Auch wenn ich Ben und Arthur schon in Teil eins als Figuren und auch als Paar wirklich gerne mochte, kamen sie mir auch in diesem Buch leider ein wenig schwer auseinanderzuhalten vor. Die Ähnlichkeiten kann man beim Lesen irgendwie nicht so richtig gut ignorieren, und insgesamt hätte ich mir hier dann doch ein bisschen mehr Individualität bei der Figurengestaltung gewünscht.
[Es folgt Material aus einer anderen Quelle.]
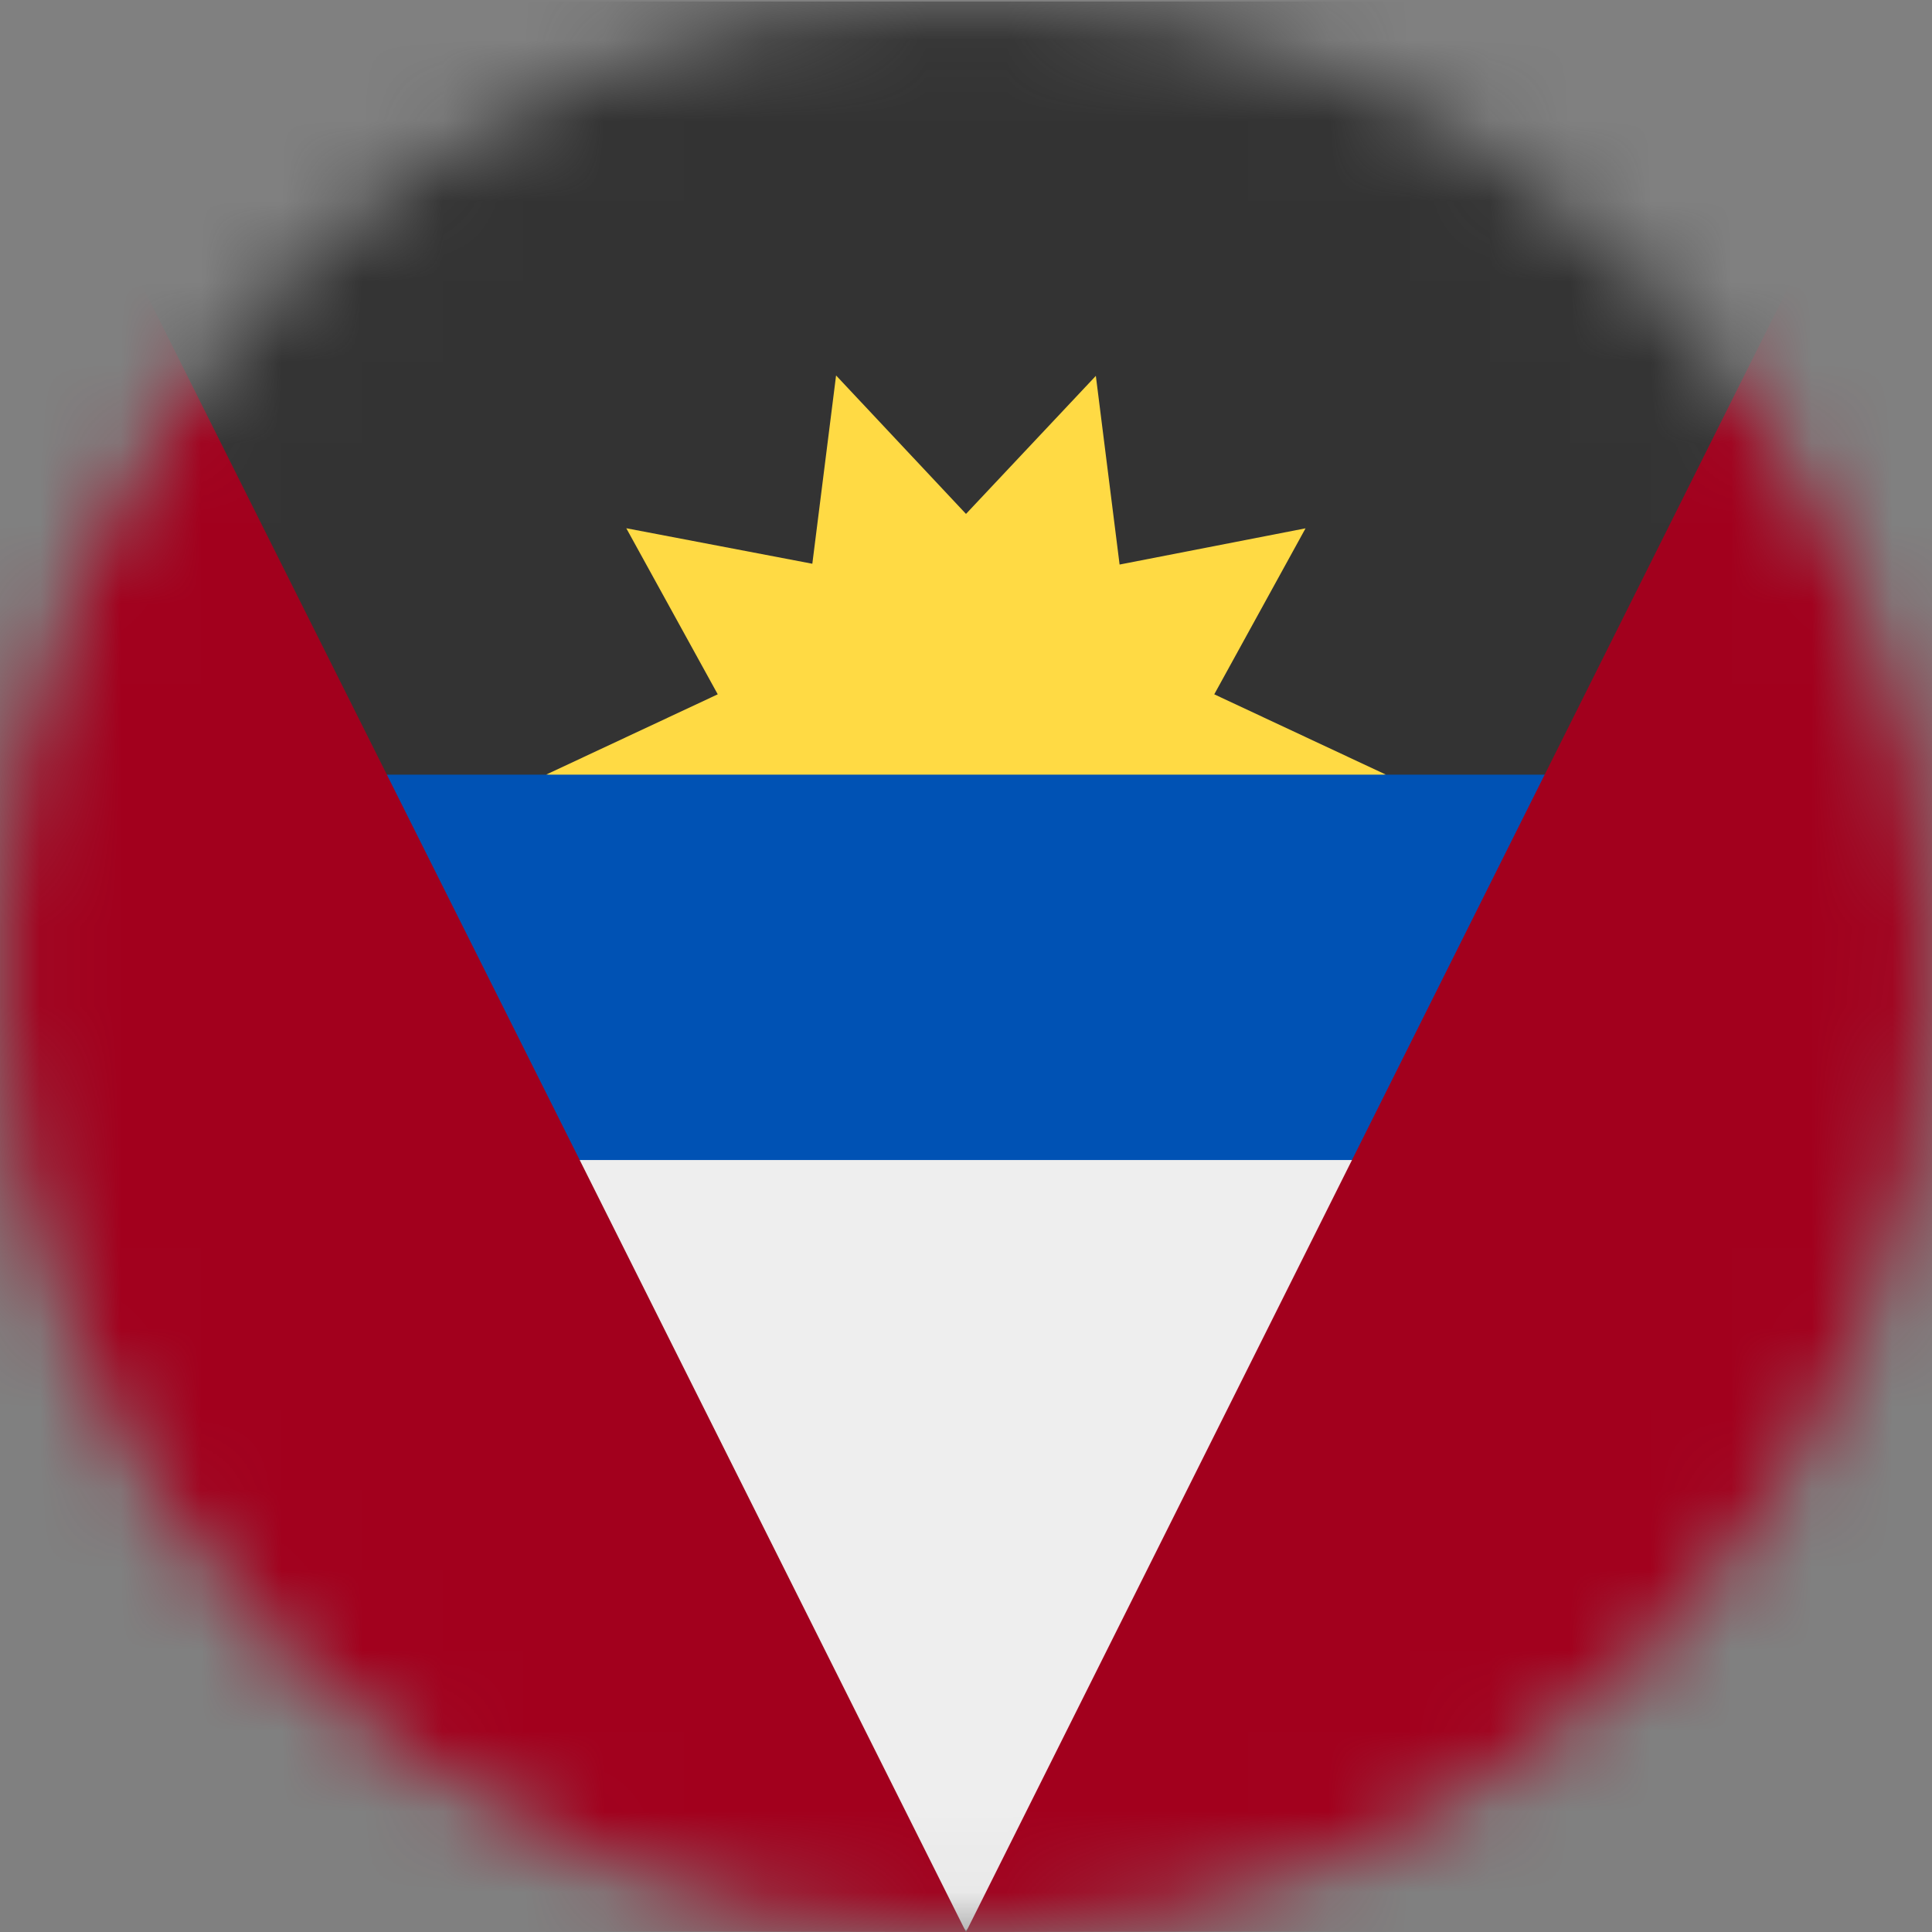 <svg xmlns="http://www.w3.org/2000/svg" fill="none" viewBox="0 0 24 24"><rect x="0" y="0" width="24" height="24" fill="#808080" stroke="none"/><mask id="a" style="mask-type:alpha" width="24" height="24" x="0" y="0" maskUnits="userSpaceOnUse"><path fill="#fff" d="M12 24c6.627 0 12-5.373 12-12S18.627 0 12 0 0 5.373 0 12s5.373 12 12 12z"/></mask><g mask="url(#a)"><path fill="#333" d="M0 .019h24l-1.594 10.734H1.688L0 .02z"/><path fill="#FFDA44" d="M17.217 9.623l-5.142.91-5.292-.91 2.133-.998L7.78 6.562l2.311.441.295-2.339L12 6.384l1.613-1.715.295 2.344 2.31-.45-1.134 2.062 2.133.998z"/><path fill="#0052B4" d="M1.2 9.623h21.881L12.047 20.602 1.2 9.623z"/><path fill="#EEE" d="M1.594 14.41H22.5L12 23.98 1.594 14.41z"/><path fill="#A2001D" d="M0 23.981L12 24 0 .019V23.98zM12 24l12-.019V0L12 24z"/></g></svg>

Der Schreibstil und die Perspektivwechsel haben mir wieder sehr gut gefallen, denn dadurch kam insgesamt ein wenig Dynamik in die Geschichte. Da es dann aber hin und wieder doch zu ähnlichen Gedanken und Gefühlen kam, ging es insgesamt doch nicht so wirklich flott mit dem Erzählstrang voran. Slowburn ist zwar eigentlich schon mein Ding, hier hatte ich aber trotz aller Liebe zu den Figuren ab und an einfach das Bedürfnis, sie zu packen und einmal ordentlich durchzuschütteln.

Irgendwie versöhnt hat mich dann immerhin das Happy End, das irgendwo zwar ein kleines bisschen vorhersehbar war, mir aber trotzdem gut gefallen hat.


Fazit
Auch wenn die Umsetzung noch ein wenig mehr Tempo hätte haben dürfen, hat mir die Geschichte an sich doch sehr gut gefallen. Arthur und Ben sind ein niedliches Paar, dem ich das Happy End wirklich gewünscht habe, weshalb die kleineren Längen im Handlungsbogen insgesamt doch gut zu ertragen waren.

Von mir gibt es dafür viereinhalb Bücherstapel.